Privacy policy
1. WHAT IS THE PURPOSE OF THIS PRIVACY POLICY?
The purpose of this policy is to meet the information obligations of SOGITEC INDUSTRIES, located at SOGITEC INDUSTRIES, registered with the French RCS of Nanterre under the company number 652011867 (hereinafter “SOGITEC” or “we”) governed by the European Union’s GDPR (Article 12) and any applicable regulations, to document the rights and obligations of customers and prospects with regard to the processing of their personal data.
This policy sets out the conditions under which we process the personal data to which we have access in the context of our pre-commercial and commercial relations.
2. WHAT DATA DO WE PROCESS?
The data is mainly collected directly from SOGITEC’s customers and prospects.
As a result, we only collect and use the data necessary for the conclusion or execution of contracts, namely:
- identity of the contact person (s) (e.g. title, surname, first name);
- professional contact details of the contact person (s) (e.g. professional email address, professional postal address, professional land or mobile phone number, fax number);
- professional information of the contact person (s) (e.g. position, grade, function);
- technical data depending on the use case (identification or connection data such as IP address or logs).
3. HOW DO WE COLLECT YOUR DATA?
Data may be collected by the direct collection of your data as part of pre-contractual and contractual relationships. We may also receive this data about you indirectly, via the company Dassault Aviation, SOGITEC’s parent company.
4. WHAT PROCESSING DO WE PERFORM?
SOGITEC undertakes the following processing:
| Main purposes | Sub-aim | Legal basis | Retention timeline |
| Prospect management | Entering into a commercial relationship, contractual negotiation, responding to requests. | Legitimate interest | For prospects: 3 years from their collection or the last contact from the prospect (request for documentation, click on a link contained in an email, etc.). For customers: 3 years from the end of the commercial relationship (from the end of a contract) or the last contact from the customer. |
| Customer management | KYC procedure, drafting, signing and monitoring contracts. Billing and payment management. Customer support. Invitation to events and trade shows. | Pre-contractual measures and fulfilling the contract | 5 years from the end of the contractual relationship. 10 years for contracts of more than 120 euros (€), concluded electronically.10 years from the end of the accounting year for commercial correspondence. |
| Risk management | Creating access management and video protection | Legal obligation | For a maximum period of one month – Sogitec reserves the right to keep the data for a shorter period. |
| Digital analytics | Cookies and other trackers: | Legitimate interest (excluding consent for possible advertising cookies) | View the cookie policy |
5. HOW LONG IS YOUR DATA KEPT?
We define the retention period of the data between our contact person(s) with our customers and prospects with regard to our legal and contractual constraints and our sector of activity; failing that, according to our needs, set out in the diagram above.
After the deadlines set, the data is either deleted or retained after having been anonymised, in particular for reasons of statistical use.
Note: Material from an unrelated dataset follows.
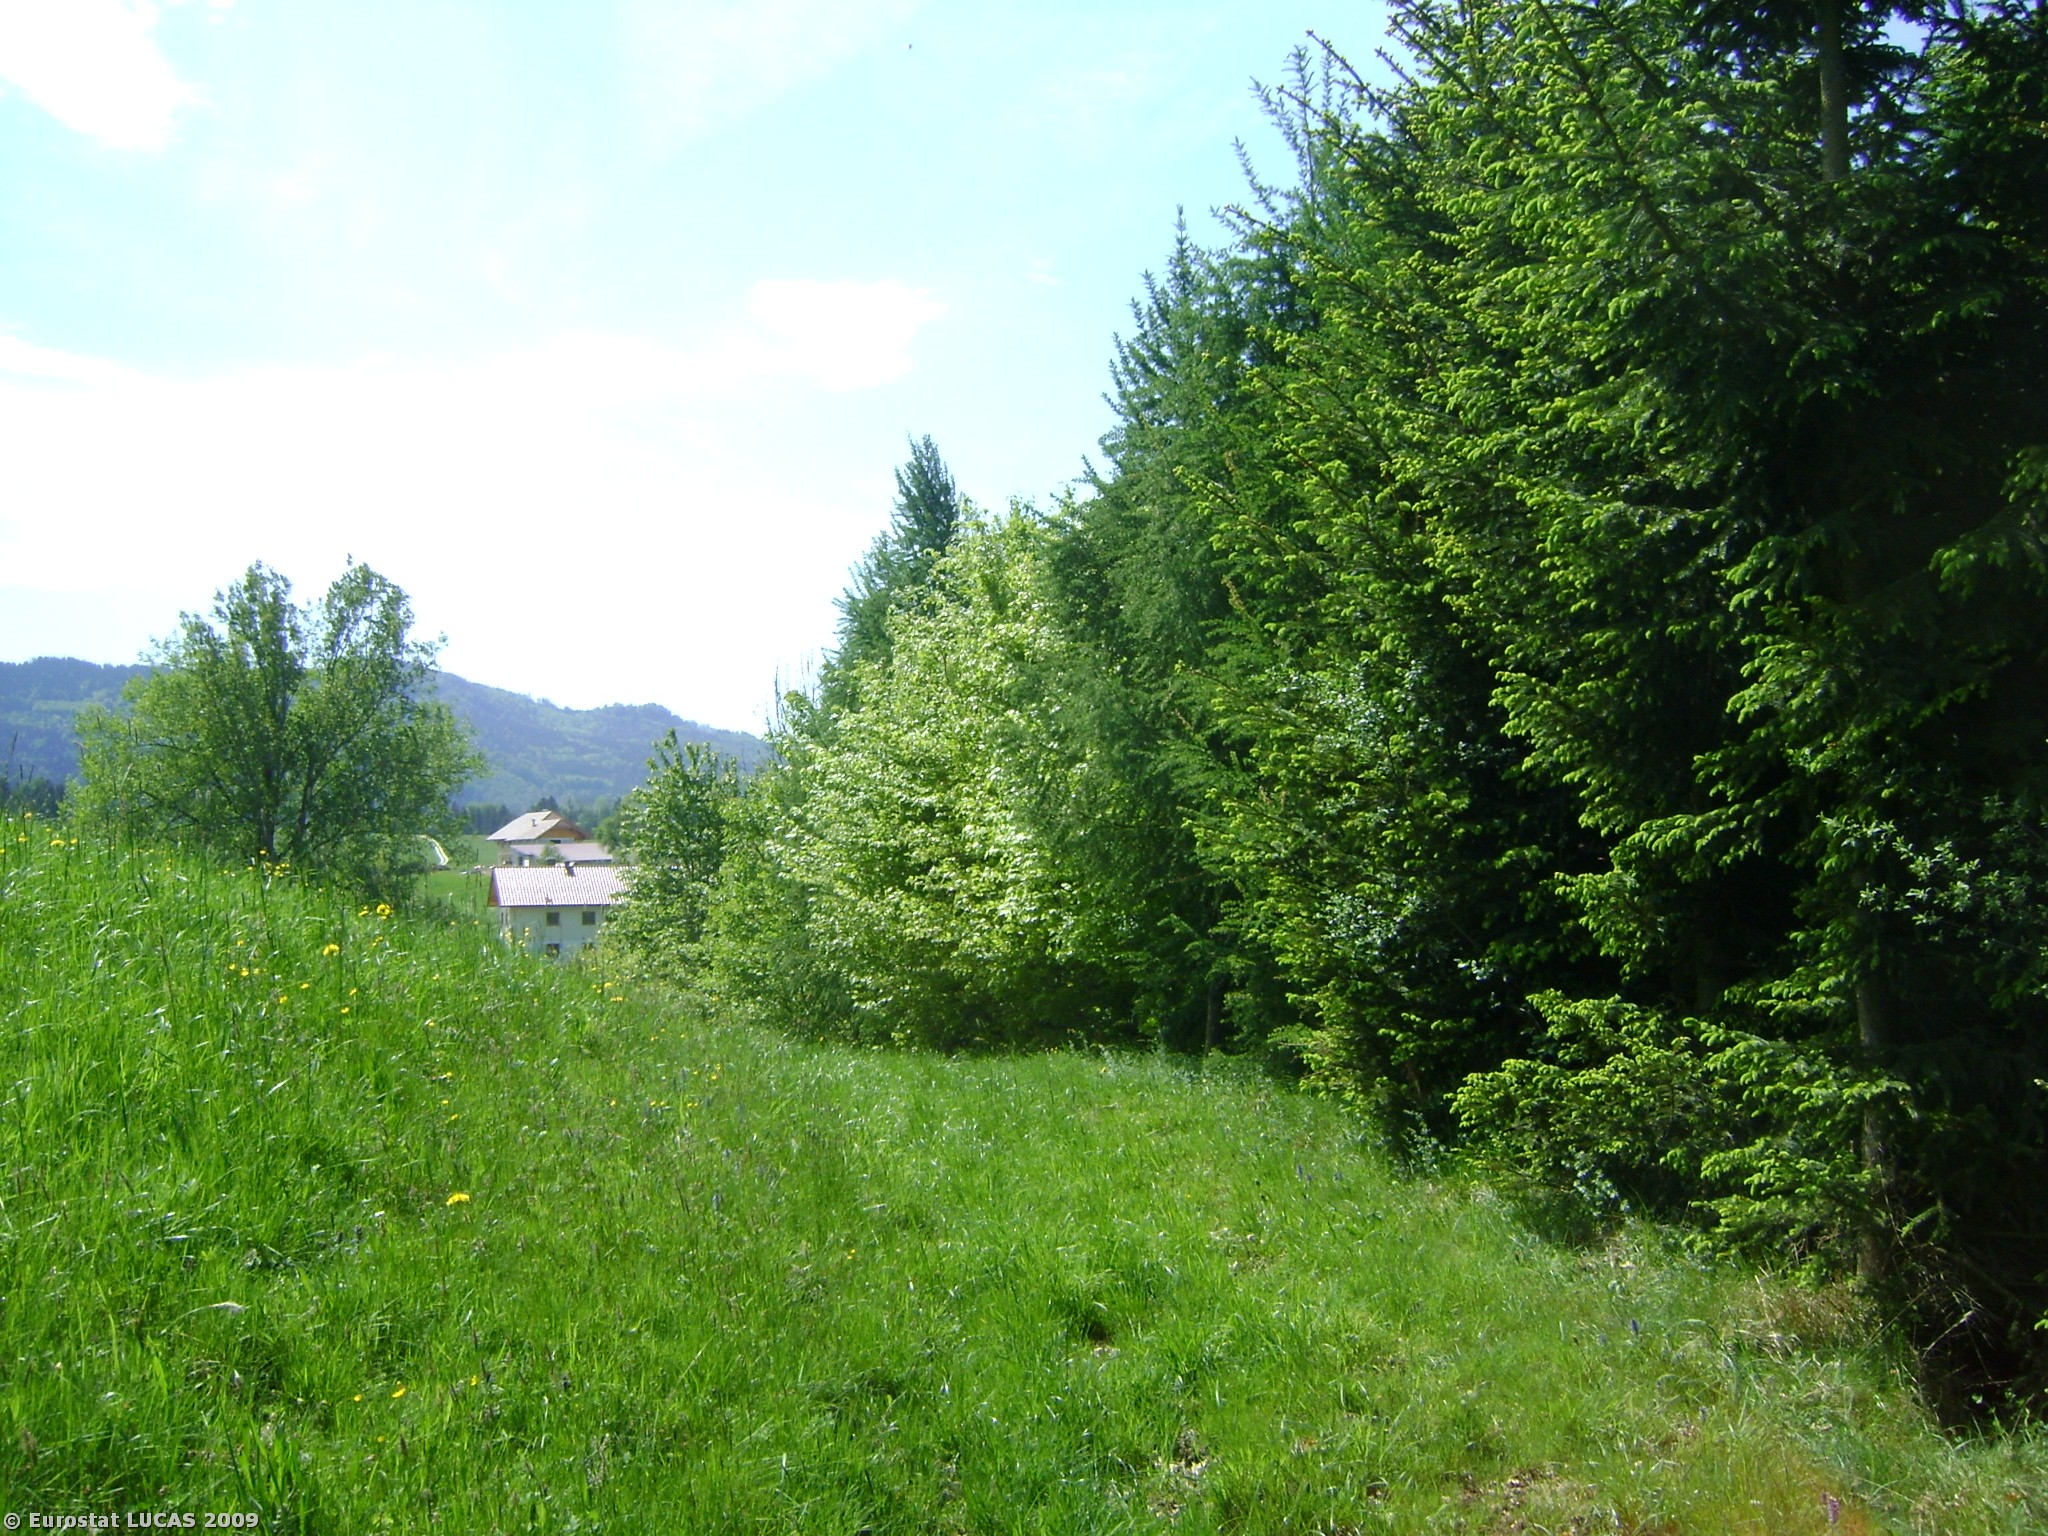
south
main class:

The data be retained in the event of pre-litigation and litigation.
Please note that deletion or anonymisation are irreversible operations and SOGITEC is no longer able to restore this information.
6. WHO HAS ACCESS TO YOUR PERSONAL DATA?
The internal recipients are the operational departments concerned and authorised. Each internal staff member who handles information regarding national defense secrecy has the appropriate security clearance.
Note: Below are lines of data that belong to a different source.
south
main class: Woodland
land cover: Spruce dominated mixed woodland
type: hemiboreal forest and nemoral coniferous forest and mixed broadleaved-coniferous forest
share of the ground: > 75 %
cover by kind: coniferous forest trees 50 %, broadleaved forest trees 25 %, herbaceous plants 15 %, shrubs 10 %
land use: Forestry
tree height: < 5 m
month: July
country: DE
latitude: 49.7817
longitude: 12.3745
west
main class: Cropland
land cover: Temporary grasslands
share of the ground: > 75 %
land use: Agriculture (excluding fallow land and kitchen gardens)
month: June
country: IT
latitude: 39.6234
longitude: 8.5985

External recipients are SOGITEC’s subcontractors and service providers that we need to fulfil pre-contractual and contractual relations.
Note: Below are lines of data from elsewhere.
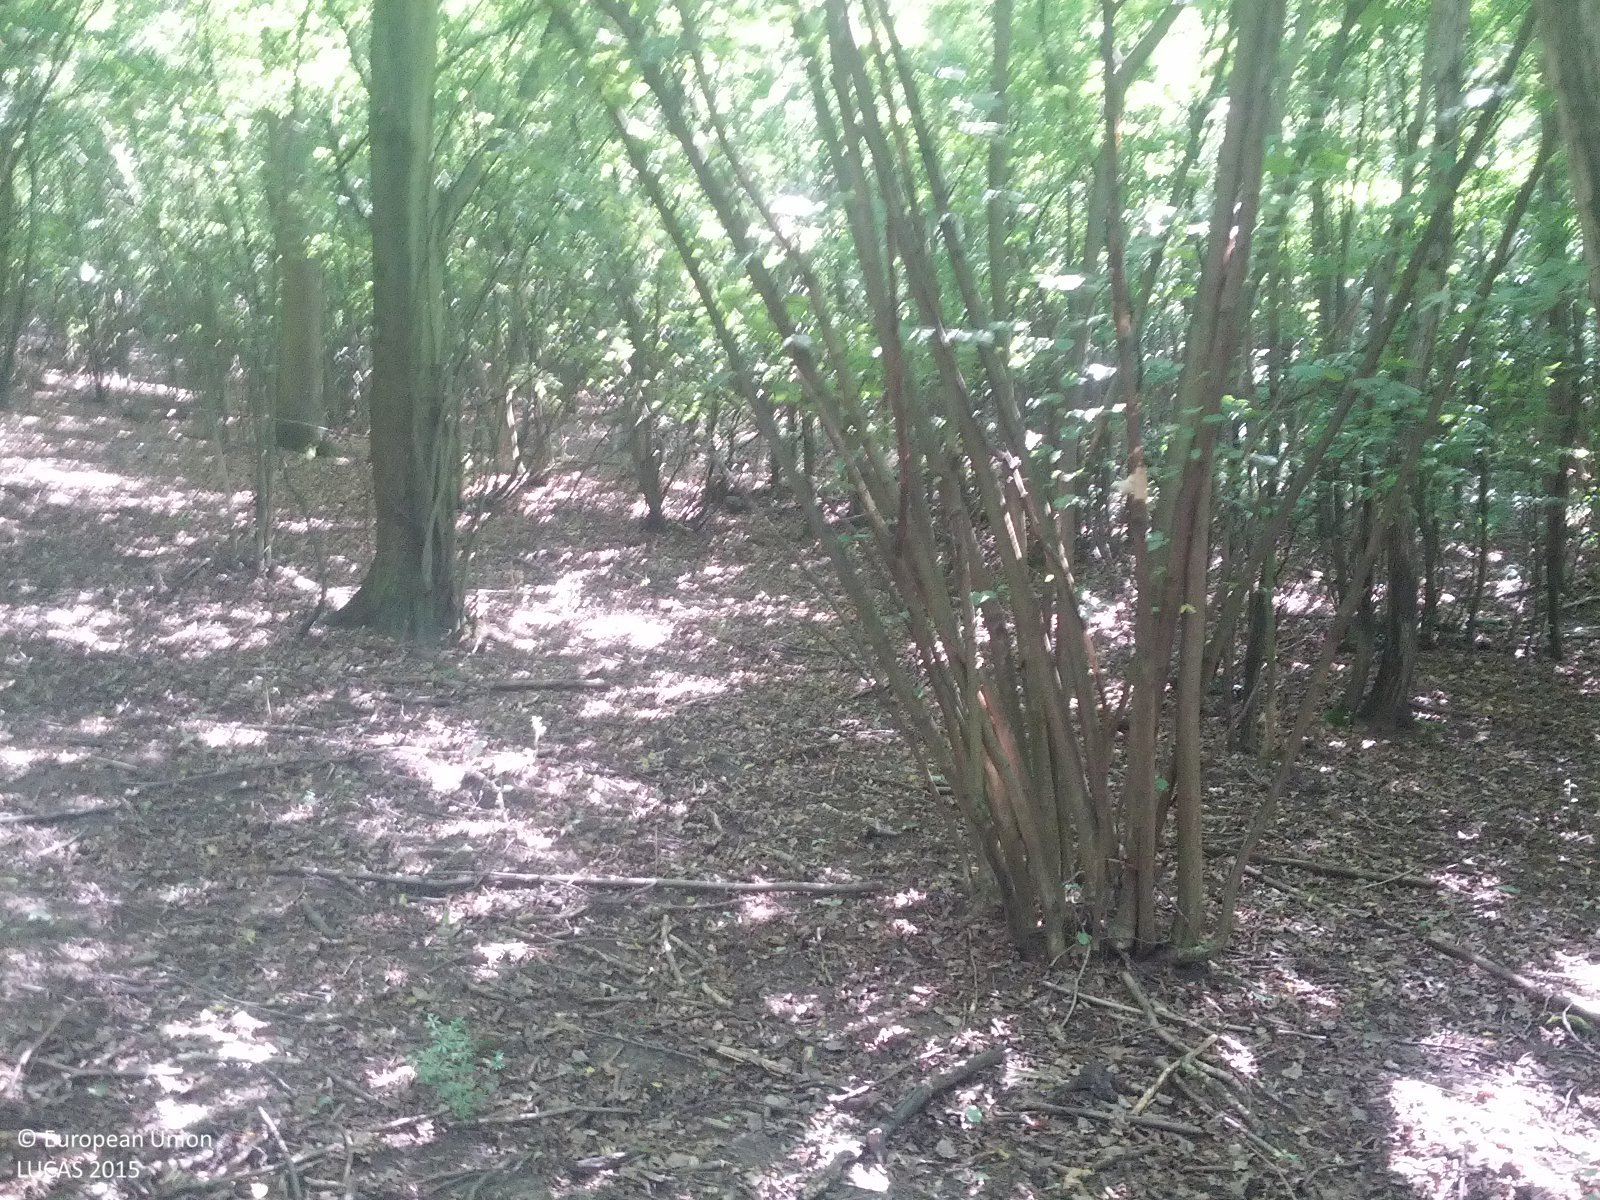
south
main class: Woodland
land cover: Broadleaved woodland
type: beech forest
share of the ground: > 75 %
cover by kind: broadleaved forest trees 90 %, herbaceous plants 5 %, unconsolidated bare surface 5 %
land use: Forestry
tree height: > 5 m
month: July
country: AT
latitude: 48.5554
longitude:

SOGITEC does not, as a matter of principle, transfer said data outside the European Union. In the exceptional event that SOGITEC or its subcontractors do so, we will ensure that this transfer is governed by special measures as imposed by the European Union’s GDPR. You can contact our Data Protection Officer if you require access to the documents authorising the transfers, if such transfers take place.
7. WHAT RIGHTS DO YOU HAVE?
As a data subject, any employee of a prospect or client of SOGITEC may exercise their rights in accordance with the European Union’s GDPR and the French Data Protection Act, directly with SOGITEC, subject to verifying that this request does not harm the interests of the client or prospect. This right may also be exercised directly by the customer or prospect or by the data subject.
To exercise your rights, or for any questions concerning the processing of your personal data by SOGITEC, you can write directly to the DPO, Mr Eric Barbry, whose email address is dpo-sogitec@racine.eu.
You have the right to lodge a complaint with the French CNIL if you believe that your rights have been infringed. The contact details are Service des plaintes, CNIL, 3 place de Fontenoy – TSA 80751, 75334 Paris Cedex 07, or by phone at +33 1 53 73 22 22
8. DATA SECURITY AND PROTECTION
SOGITEC defines and implements security measures to prevent the unauthorised destruction, loss, alteration or disclosure of data. The computer systems and paper media used are organised and protected to ensure the security and confidentiality of your information.
9. UPDATES
We reserve the right to change the layout and content of this policy. We therefore recommend you consult it regularly.